I've got an assignment for FOP to make a scientific calculator, we haven't been taught about the math.h library! my basic approach for one of the function SIN was this but i'm failing to make this work

#include <stdio.h>
int main()
{
int input;
float pi;
double degree;
double sinx;
long int powerseven;
long int powerfive;
long int powerthree;
input = 5;
degree= (input*pi)/180;
pi=3.142;
powerseven=(degree*degree*degree*degree*degree*degree*degree);
powerfive=(degree*degree*degree*degree*degree);
powerthree=(degree*degree*degree);
sinx = (degree - (powerthree/6) + (powerfive/120) - (powerseven/5040));
printf("%ld", sinx);
getchar();
}

Upvotes: 0

Views: 6863

Answers (2)

R.. GitHub STOP HELPING ICE
R.. GitHub STOP HELPING ICE

Reputation: 215211

vacawama covered most of the technical C-language reasons your program isn't working. I'll attempt to cover some algorithmic ones. Using a fixed finite number of taylor series terms to compute sine is going to lose precision quickly as the argument gets farther away from the point at which you did the series expansion, i.e. zero.

To avoid this problem, you want to use the periodicity of the sine function to reduce your argument to a bounded interval. If your input is in radians, this is actually a difficult problem in itself, since pi is not representable in floating point. But as long as you're working in degrees, you can perform argument reduction by repeatedly subtracting the greatest power-of-two multiple of 360 that's less than the argument, until your result is in the interval [0,360). (If you could use the standard library, you could just use fmod for this.)

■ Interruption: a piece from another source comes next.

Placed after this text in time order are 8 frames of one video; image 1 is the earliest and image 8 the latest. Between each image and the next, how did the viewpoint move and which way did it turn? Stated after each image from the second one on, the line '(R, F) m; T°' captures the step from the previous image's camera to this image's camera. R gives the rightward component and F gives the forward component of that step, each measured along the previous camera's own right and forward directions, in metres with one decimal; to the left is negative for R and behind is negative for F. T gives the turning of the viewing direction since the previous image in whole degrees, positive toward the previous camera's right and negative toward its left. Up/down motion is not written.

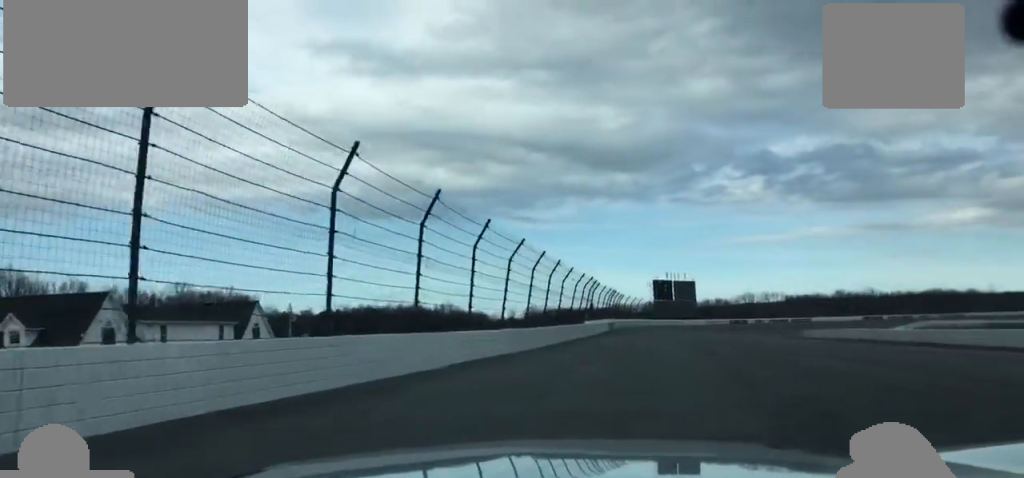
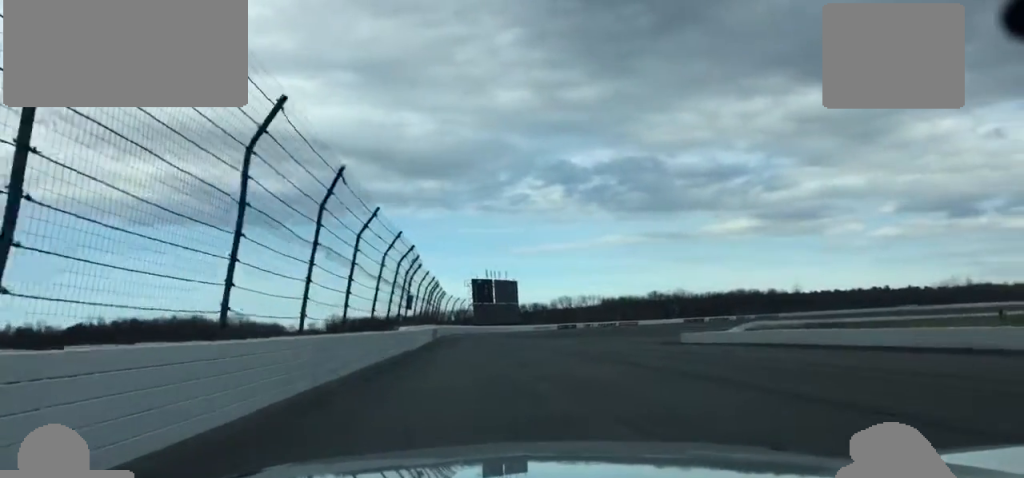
(+5.7, +33.3) m; +14°
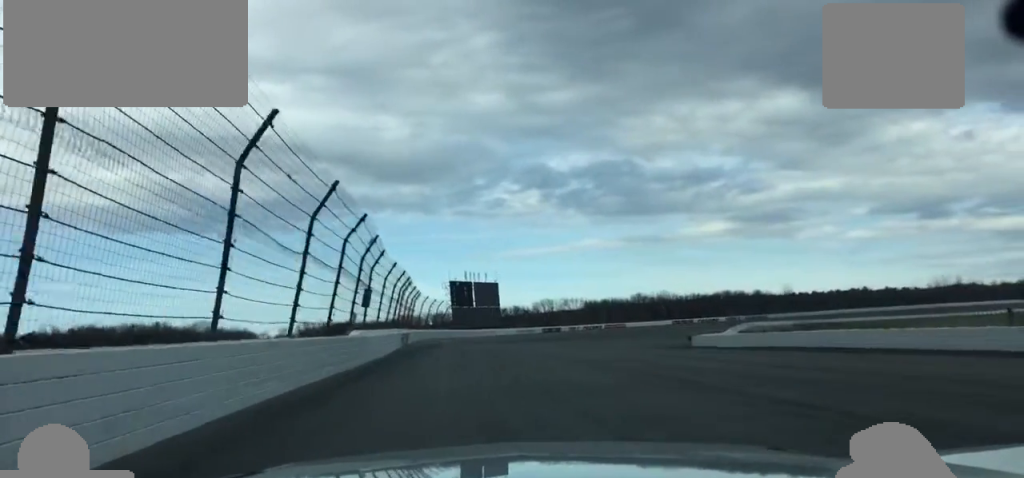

Once your argument is in a bounded interval, you can just choose an approximation that's sufficiently precise on that interval. A taylor series approximation is certainly one approach you can use at this point, but not the only one.

Upvotes: 3

vacawama
vacawama

Reputation: 154583

Your code almost works. You have a few problems:

  1. You are using pi before initializing it. I suggest using a more accurate value of pi such as 3.14159265359.

  2. powerseven, powerfive and powerthree should be defined as double instead of as long int. You are losing precision by storing these values in an integer type. Also, when you divide an integer value by an integer value (such as powerthree/6) the remainder is lost. For instance, 9/6 is 1.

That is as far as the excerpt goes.